§ **EXERCISE AIM**: Print out the records in full, keeping each word unchanged.

___ DATA LISTING ___

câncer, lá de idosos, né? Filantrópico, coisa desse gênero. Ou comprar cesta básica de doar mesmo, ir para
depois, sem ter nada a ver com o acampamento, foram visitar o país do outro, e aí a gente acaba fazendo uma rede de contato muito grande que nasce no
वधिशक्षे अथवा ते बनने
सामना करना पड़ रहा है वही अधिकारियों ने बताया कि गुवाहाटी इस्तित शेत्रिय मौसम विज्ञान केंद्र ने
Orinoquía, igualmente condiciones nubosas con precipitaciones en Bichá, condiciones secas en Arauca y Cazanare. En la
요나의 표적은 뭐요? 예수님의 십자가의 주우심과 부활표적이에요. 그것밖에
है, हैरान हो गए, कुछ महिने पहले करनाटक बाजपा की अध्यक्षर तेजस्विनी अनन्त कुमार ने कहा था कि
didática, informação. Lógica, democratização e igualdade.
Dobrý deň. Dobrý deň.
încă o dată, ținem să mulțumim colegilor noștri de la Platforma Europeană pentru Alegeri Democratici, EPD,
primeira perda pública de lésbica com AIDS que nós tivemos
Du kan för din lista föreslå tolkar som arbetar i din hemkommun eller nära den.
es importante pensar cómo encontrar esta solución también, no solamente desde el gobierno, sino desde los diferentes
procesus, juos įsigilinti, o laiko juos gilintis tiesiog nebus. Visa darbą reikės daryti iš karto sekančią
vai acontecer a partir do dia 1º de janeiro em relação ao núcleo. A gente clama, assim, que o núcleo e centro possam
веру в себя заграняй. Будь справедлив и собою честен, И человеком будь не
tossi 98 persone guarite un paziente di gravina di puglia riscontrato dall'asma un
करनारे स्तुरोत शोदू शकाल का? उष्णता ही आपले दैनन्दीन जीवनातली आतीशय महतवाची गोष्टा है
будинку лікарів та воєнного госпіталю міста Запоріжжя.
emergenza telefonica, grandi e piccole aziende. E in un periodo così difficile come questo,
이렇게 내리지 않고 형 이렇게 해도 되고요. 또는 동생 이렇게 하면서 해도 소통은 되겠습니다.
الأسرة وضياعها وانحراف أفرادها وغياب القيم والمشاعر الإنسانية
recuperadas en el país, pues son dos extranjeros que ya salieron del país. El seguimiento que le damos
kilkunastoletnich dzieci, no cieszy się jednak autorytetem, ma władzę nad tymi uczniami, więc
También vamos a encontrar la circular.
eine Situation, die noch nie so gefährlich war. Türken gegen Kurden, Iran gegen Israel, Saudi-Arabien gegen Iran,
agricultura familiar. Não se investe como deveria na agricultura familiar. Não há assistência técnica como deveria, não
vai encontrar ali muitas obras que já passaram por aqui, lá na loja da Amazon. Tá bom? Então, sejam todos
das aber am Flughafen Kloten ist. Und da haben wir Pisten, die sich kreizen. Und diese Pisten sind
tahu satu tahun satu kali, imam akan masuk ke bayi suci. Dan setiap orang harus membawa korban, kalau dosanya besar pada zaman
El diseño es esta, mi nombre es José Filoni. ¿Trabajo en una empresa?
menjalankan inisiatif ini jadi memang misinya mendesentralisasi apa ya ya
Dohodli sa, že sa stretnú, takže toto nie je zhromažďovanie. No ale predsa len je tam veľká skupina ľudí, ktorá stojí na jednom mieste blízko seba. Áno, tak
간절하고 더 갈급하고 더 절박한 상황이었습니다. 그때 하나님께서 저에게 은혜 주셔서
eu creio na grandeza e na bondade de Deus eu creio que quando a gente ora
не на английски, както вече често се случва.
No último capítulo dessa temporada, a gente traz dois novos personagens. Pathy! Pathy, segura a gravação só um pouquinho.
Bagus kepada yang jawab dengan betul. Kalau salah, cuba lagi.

___

§ **EXERCISE OUTPUT**:
câncer, lá de idosos, né? Filantrópico, coisa desse gênero. Ou comprar cesta básica de doar mesmo, ir para
depois, sem ter nada a ver com o acampamento, foram visitar o país do outro, e aí a gente acaba fazendo uma rede de contato muito grande que nasce no
वधिशक्षे अथवा ते बनने
सामना करना पड़ रहा है वही अधिकारियों ने बताया कि गुवाहाटी इस्तित शेत्रिय मौसम विज्ञान केंद्र ने
Orinoquía, igualmente condiciones nubosas con precipitaciones en Bichá, condiciones secas en Arauca y Cazanare. En la
요나의 표적은 뭐요? 예수님의 십자가의 주우심과 부활표적이에요. 그것밖에
है, हैरान हो गए, कुछ महिने पहले करनाटक बाजपा की अध्यक्षर तेजस्विनी अनन्त कुमार ने कहा था कि
didática, informação. Lógica, democratização e igualdade.
Dobrý deň. Dobrý deň.
încă o dată, ținem să mulțumim colegilor noștri de la Platforma Europeană pentru Alegeri Democratici, EPD,
primeira perda pública de lésbica com AIDS que nós tivemos
Du kan för din lista föreslå tolkar som arbetar i din hemkommun eller nära den.
es importante pensar cómo encontrar esta solución también, no solamente desde el gobierno, sino desde los diferentes
procesus, juos įsigilinti, o laiko juos gilintis tiesiog nebus. Visa darbą reikės daryti iš karto sekančią
vai acontecer a partir do dia 1º de janeiro em relação ao núcleo. A gente clama, assim, que o núcleo e centro possam
веру в себя заграняй. Будь справедлив и собою честен, И человеком будь не
tossi 98 persone guarite un paziente di gravina di puglia riscontrato dall'asma un
करनारे स्तुरोत शोदू शकाल का? उष्णता ही आपले दैनन्दीन जीवनातली आतीशय महतवाची गोष्टा है
будинку лікарів та воєнного госпіталю міста Запоріжжя.
emergenza telefonica, grandi e piccole aziende. E in un periodo così difficile come questo,
이렇게 내리지 않고 형 이렇게 해도 되고요. 또는 동생 이렇게 하면서 해도 소통은 되겠습니다.
الأسرة وضياعها وانحراف أفرادها وغياب القيم والمشاعر الإنسانية
recuperadas en el país, pues son dos extranjeros que ya salieron del país. El seguimiento que le damos
kilkunastoletnich dzieci, no cieszy się jednak autorytetem, ma władzę nad tymi uczniami, więc
También vamos a encontrar la circular.
eine Situation, die noch nie so gefährlich war. Türken gegen Kurden, Iran gegen Israel, Saudi-Arabien gegen Iran,
agricultura familiar. Não se investe como deveria na agricultura familiar. Não há assistência técnica como deveria, não
vai encontrar ali muitas obras que já passaram por aqui, lá na loja da Amazon. Tá bom? Então, sejam todos
das aber am Flughafen Kloten ist. Und da haben wir Pisten, die sich kreizen. Und diese Pisten sind
tahu satu tahun satu kali, imam akan masuk ke bayi suci. Dan setiap orang harus membawa korban, kalau dosanya besar pada zaman
El diseño es esta, mi nombre es José Filoni. ¿Trabajo en una empresa?
menjalankan inisiatif ini jadi memang misinya mendesentralisasi apa ya ya
Dohodli sa, že sa stretnú, takže toto nie je zhromažďovanie. No ale predsa len je tam veľká skupina ľudí, ktorá stojí na jednom mieste blízko seba. Áno, tak
간절하고 더 갈급하고 더 절박한 상황이었습니다. 그때 하나님께서 저에게 은혜 주셔서
eu creio na grandeza e na bondade de Deus eu creio que quando a gente ora
не на английски, както вече често се случва.
No último capítulo dessa temporada, a gente traz dois novos personagens. Pathy! Pathy, segura a gravação só um pouquinho.
Bagus kepada yang jawab dengan betul. Kalau salah, cuba lagi.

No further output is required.